Exclude the pictures and reproduce exactly the lines that run from the one holding "This is 6.6 seconds after image 1." to the end of the entries below.

MATERIAL SHOWN:
□ □ □ □ □ □ □

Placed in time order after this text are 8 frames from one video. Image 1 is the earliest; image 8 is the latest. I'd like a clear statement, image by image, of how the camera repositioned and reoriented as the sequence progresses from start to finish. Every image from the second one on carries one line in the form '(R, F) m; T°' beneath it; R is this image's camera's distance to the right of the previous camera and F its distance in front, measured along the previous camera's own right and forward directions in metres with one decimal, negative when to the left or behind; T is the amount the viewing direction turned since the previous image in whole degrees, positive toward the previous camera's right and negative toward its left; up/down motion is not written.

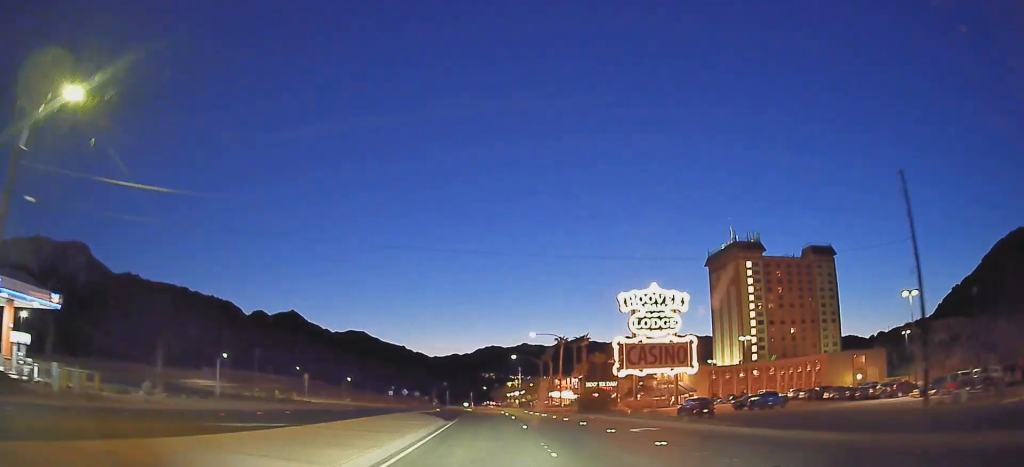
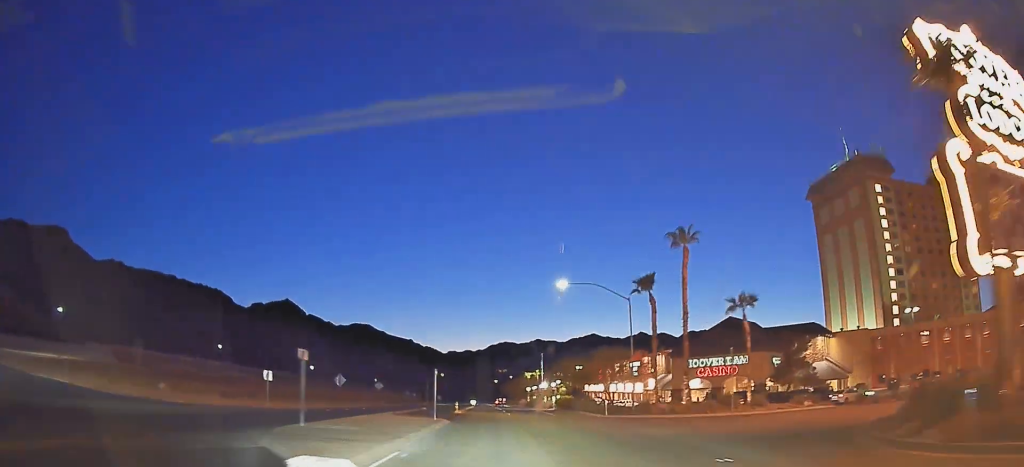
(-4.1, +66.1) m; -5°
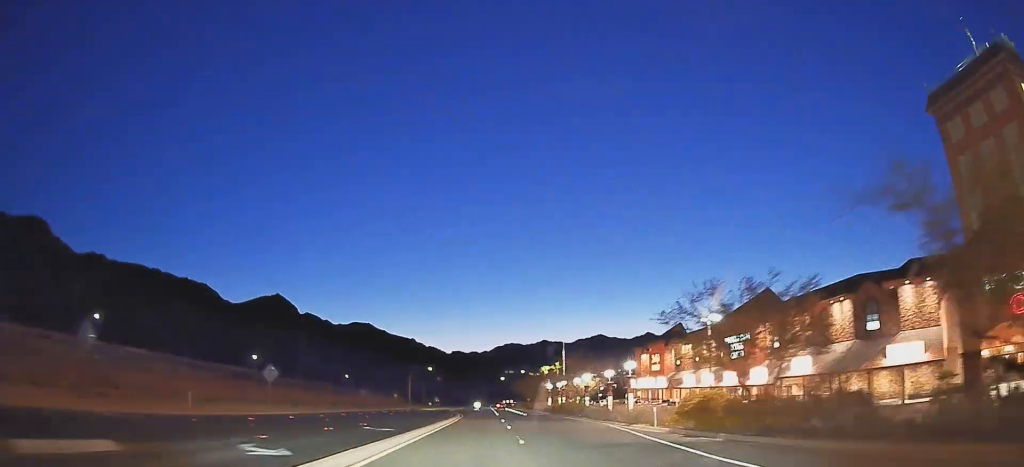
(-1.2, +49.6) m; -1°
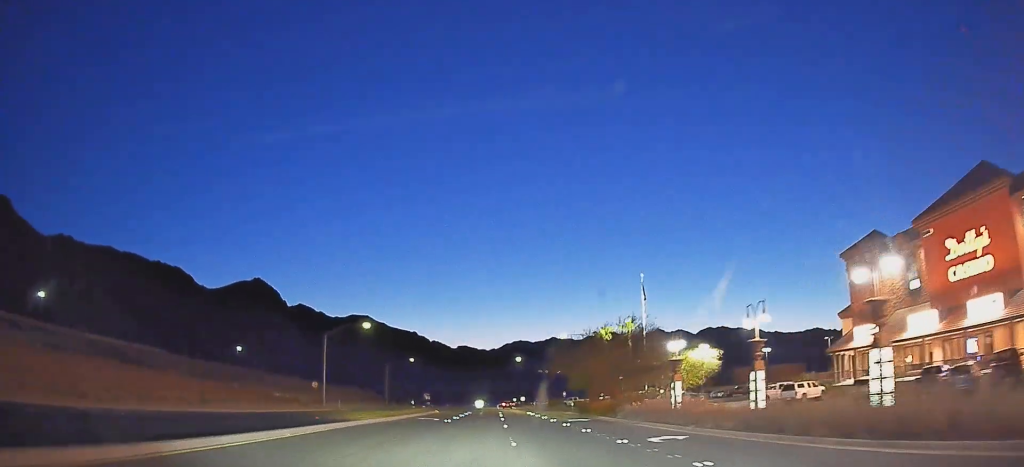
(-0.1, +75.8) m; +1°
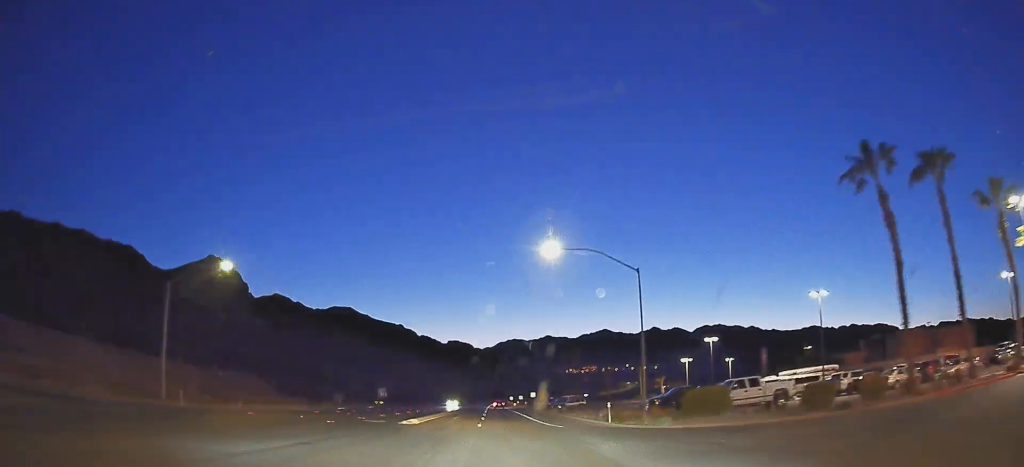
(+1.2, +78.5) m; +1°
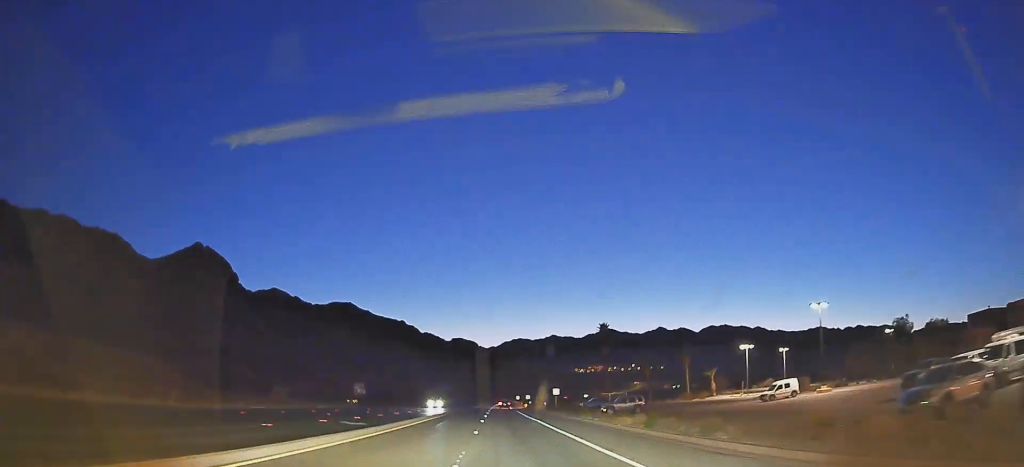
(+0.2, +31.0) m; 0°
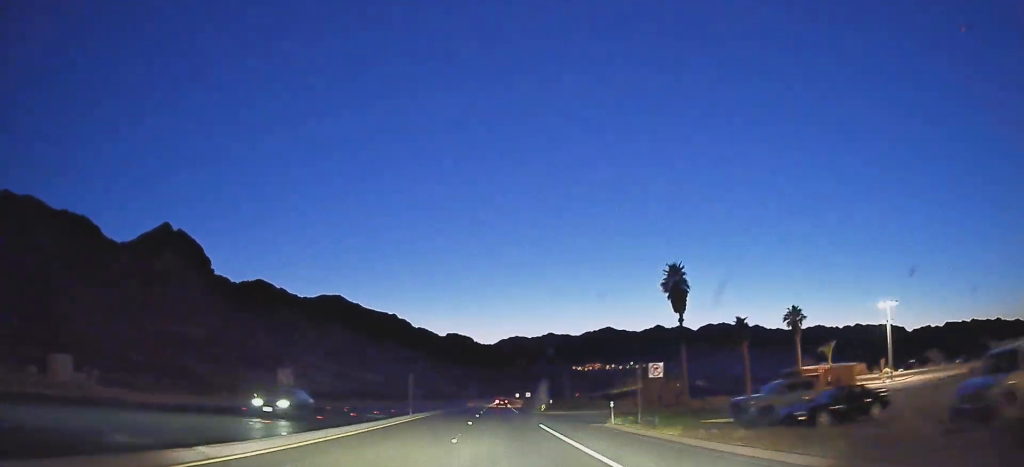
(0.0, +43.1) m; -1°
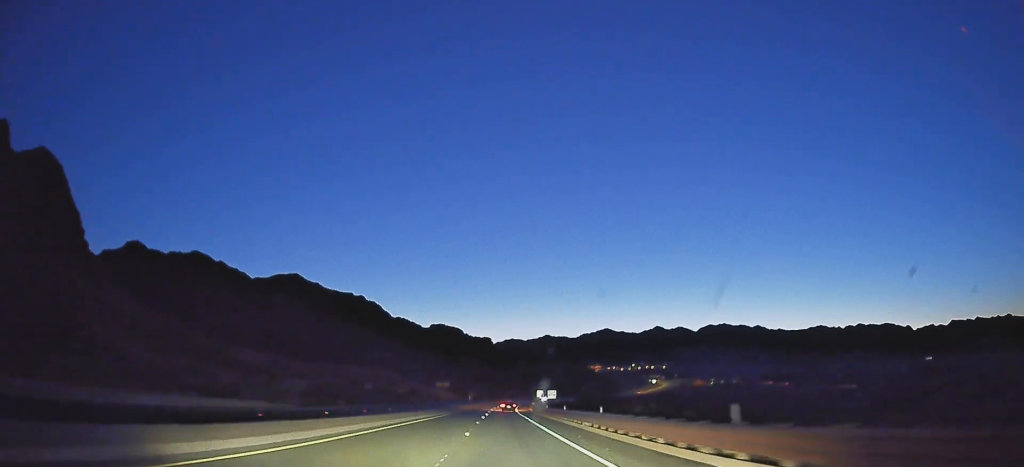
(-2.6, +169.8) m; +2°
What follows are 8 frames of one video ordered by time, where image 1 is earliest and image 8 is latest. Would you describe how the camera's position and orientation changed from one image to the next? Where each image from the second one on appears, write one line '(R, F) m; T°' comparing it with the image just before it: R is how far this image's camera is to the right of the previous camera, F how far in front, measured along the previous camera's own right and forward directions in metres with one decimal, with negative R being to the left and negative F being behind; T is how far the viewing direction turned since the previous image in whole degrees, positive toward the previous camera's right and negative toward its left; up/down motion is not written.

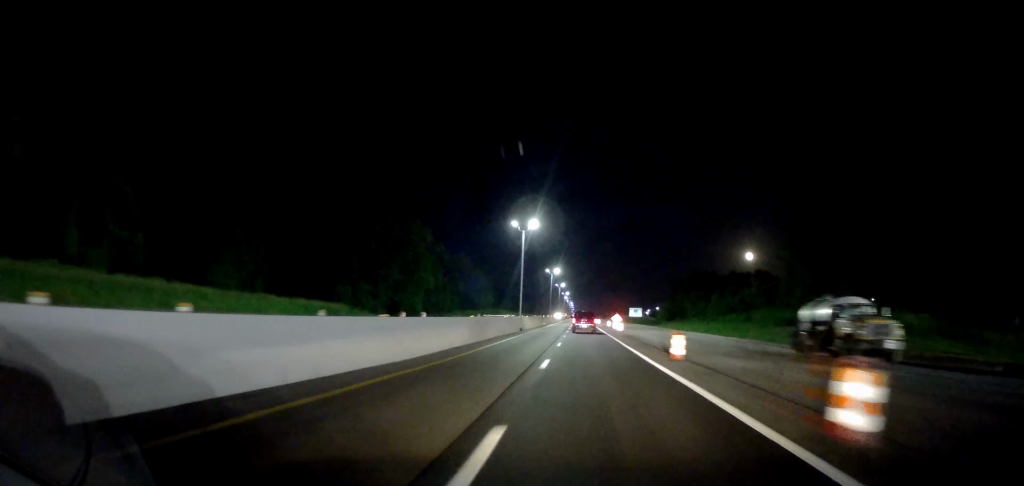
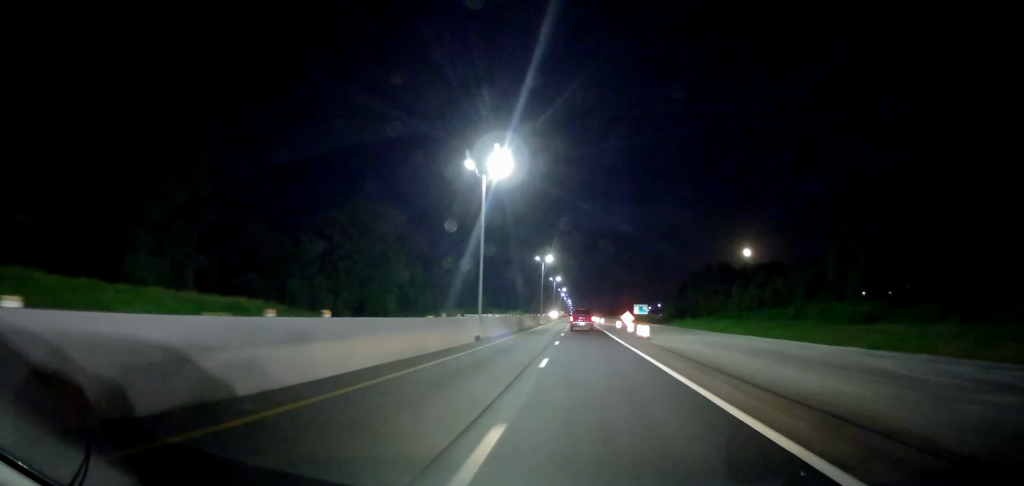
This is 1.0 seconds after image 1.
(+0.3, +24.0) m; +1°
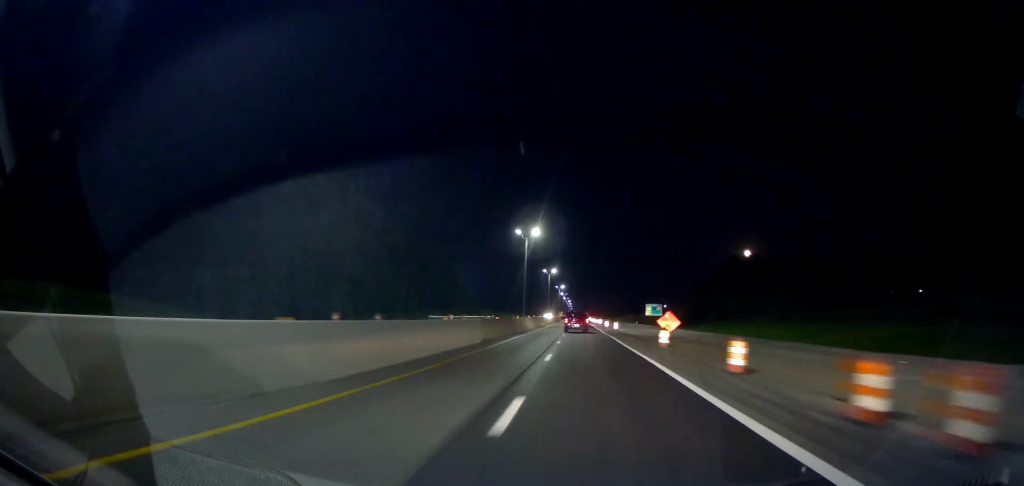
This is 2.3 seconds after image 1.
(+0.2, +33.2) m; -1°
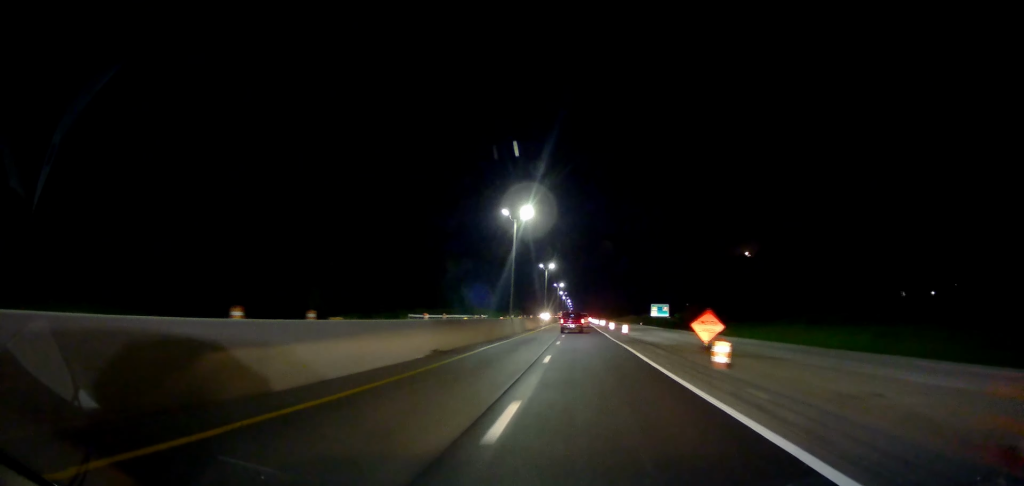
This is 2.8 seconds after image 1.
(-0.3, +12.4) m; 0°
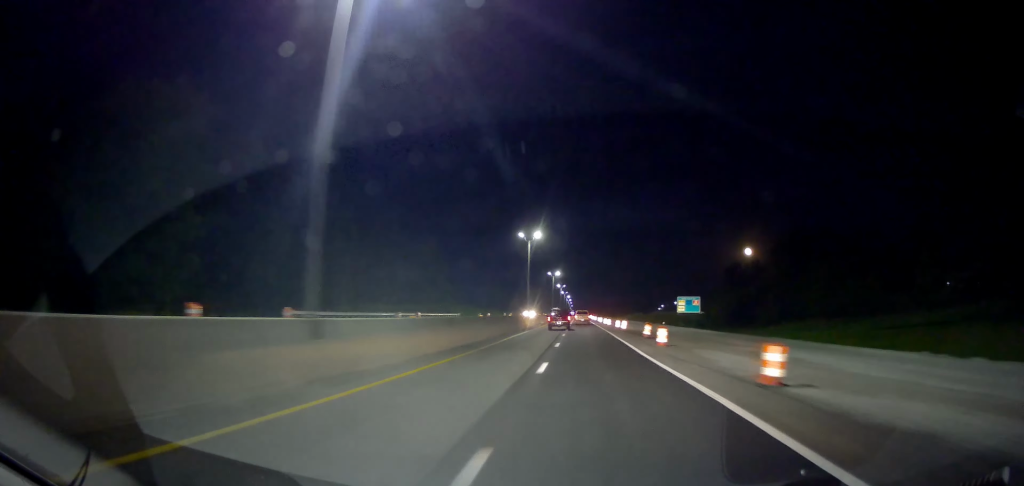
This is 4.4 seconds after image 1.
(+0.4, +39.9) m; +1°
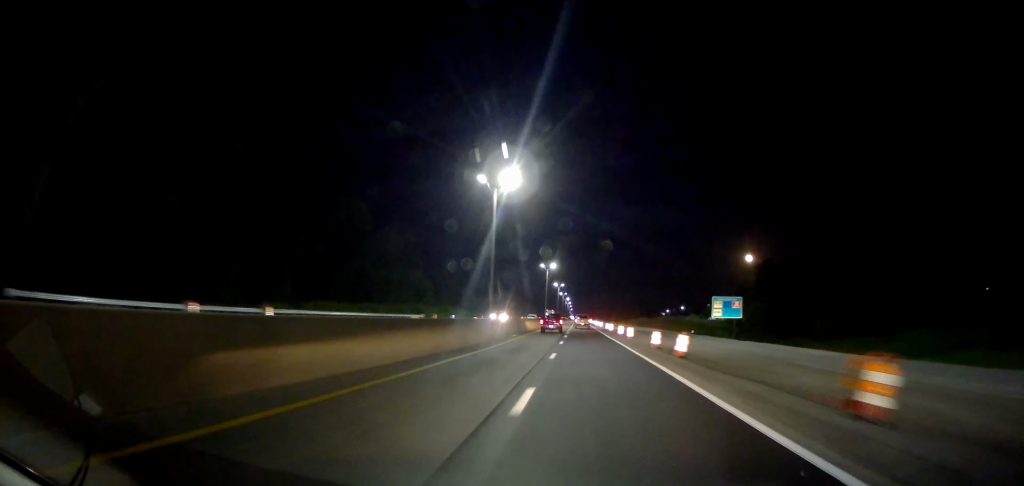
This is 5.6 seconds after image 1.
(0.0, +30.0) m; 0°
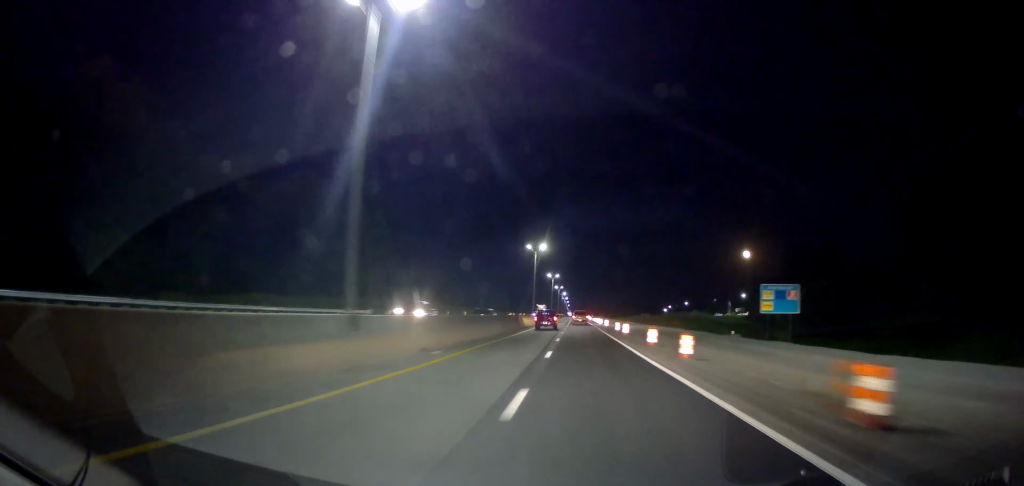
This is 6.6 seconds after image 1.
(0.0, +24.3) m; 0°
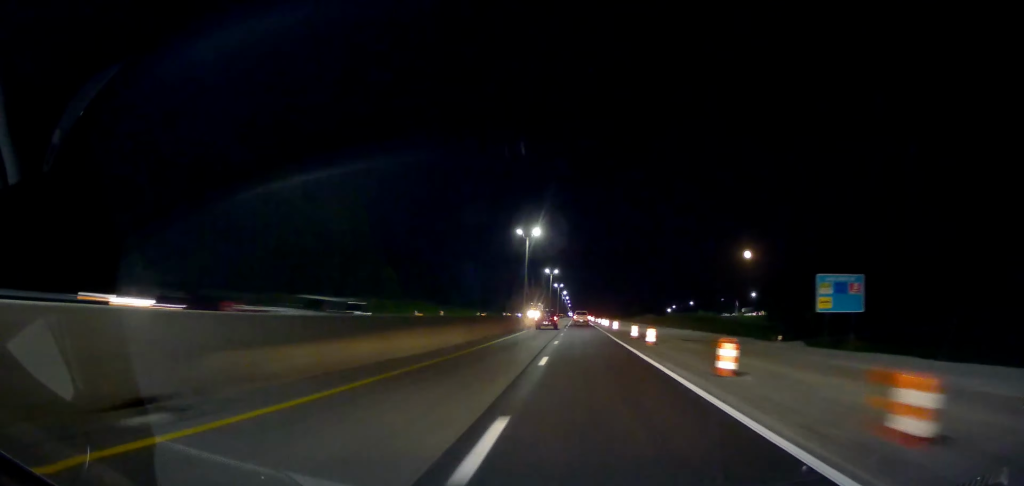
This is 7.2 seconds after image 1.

□ □ □ □ □ □ □

EXERCISE ANSWER:
This is 6.6 seconds after image 1.
(0.0, +24.3) m; 0°
This is 7.2 seconds after image 1.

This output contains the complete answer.